### Try it
Below is some data. Retype exactly the lines starting at the one with "criou uma Comissão" and ending at the one with "брати і сестри, моліться, нехай".

━━━ Dataset entries

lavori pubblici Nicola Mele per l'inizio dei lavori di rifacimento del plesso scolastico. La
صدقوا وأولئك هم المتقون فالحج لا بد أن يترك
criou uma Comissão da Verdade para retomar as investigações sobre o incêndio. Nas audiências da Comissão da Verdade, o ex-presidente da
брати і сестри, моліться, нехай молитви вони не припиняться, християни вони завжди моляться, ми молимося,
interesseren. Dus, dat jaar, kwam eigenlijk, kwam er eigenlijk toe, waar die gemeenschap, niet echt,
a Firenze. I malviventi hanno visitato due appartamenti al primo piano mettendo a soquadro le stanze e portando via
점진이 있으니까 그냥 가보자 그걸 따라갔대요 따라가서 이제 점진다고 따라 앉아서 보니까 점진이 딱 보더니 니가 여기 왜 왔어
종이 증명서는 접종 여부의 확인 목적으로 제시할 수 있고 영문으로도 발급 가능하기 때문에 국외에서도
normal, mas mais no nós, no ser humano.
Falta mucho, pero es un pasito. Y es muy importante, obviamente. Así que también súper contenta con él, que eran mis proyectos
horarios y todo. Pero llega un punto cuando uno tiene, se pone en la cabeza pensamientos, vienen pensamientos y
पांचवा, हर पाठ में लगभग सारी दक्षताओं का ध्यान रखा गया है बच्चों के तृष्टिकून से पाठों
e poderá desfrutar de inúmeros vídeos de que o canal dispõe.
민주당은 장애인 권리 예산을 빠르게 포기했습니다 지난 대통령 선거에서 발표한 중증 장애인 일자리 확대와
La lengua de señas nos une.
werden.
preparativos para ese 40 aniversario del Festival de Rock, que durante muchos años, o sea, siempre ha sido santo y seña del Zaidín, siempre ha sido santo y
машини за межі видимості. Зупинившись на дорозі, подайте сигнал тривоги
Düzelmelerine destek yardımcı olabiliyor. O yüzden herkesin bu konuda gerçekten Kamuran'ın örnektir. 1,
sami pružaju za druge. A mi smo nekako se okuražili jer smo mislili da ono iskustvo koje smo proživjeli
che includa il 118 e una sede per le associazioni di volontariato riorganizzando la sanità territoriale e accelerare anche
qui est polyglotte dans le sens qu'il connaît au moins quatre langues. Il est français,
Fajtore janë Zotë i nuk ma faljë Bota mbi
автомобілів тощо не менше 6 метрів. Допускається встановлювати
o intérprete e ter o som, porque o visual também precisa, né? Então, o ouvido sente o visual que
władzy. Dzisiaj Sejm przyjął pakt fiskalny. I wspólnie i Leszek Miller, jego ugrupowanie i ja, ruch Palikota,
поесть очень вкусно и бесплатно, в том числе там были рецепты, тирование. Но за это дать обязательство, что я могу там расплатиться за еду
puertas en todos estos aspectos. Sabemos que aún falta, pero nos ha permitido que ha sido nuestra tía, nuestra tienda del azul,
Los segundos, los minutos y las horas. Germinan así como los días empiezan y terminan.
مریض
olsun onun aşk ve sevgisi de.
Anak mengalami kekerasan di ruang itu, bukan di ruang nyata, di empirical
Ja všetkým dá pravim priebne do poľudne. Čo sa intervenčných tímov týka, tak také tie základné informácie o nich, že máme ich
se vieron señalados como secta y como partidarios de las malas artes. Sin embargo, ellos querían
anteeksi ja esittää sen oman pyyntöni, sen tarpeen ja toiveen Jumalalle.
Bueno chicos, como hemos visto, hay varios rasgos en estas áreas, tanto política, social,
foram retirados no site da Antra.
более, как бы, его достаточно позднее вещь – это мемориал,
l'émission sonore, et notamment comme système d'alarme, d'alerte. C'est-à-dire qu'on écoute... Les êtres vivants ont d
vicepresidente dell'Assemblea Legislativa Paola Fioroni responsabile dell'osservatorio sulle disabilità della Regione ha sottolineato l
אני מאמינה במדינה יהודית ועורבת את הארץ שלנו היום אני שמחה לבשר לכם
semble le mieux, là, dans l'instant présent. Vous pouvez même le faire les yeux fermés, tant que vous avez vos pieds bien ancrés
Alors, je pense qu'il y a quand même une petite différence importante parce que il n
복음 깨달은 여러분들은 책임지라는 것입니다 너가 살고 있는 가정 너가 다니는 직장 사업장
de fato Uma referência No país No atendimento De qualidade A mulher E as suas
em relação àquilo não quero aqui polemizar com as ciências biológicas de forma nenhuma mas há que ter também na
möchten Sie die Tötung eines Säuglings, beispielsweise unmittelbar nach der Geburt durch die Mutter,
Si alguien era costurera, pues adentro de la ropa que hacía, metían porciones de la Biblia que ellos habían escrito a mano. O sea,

━━━━━━

### Written solution
criou uma Comissão da Verdade para retomar as investigações sobre o incêndio. Nas audiências da Comissão da Verdade, o ex-presidente da
брати і сестри, моліться, нехай молитви вони не припиняться, християни вони завжди моляться, ми молимося,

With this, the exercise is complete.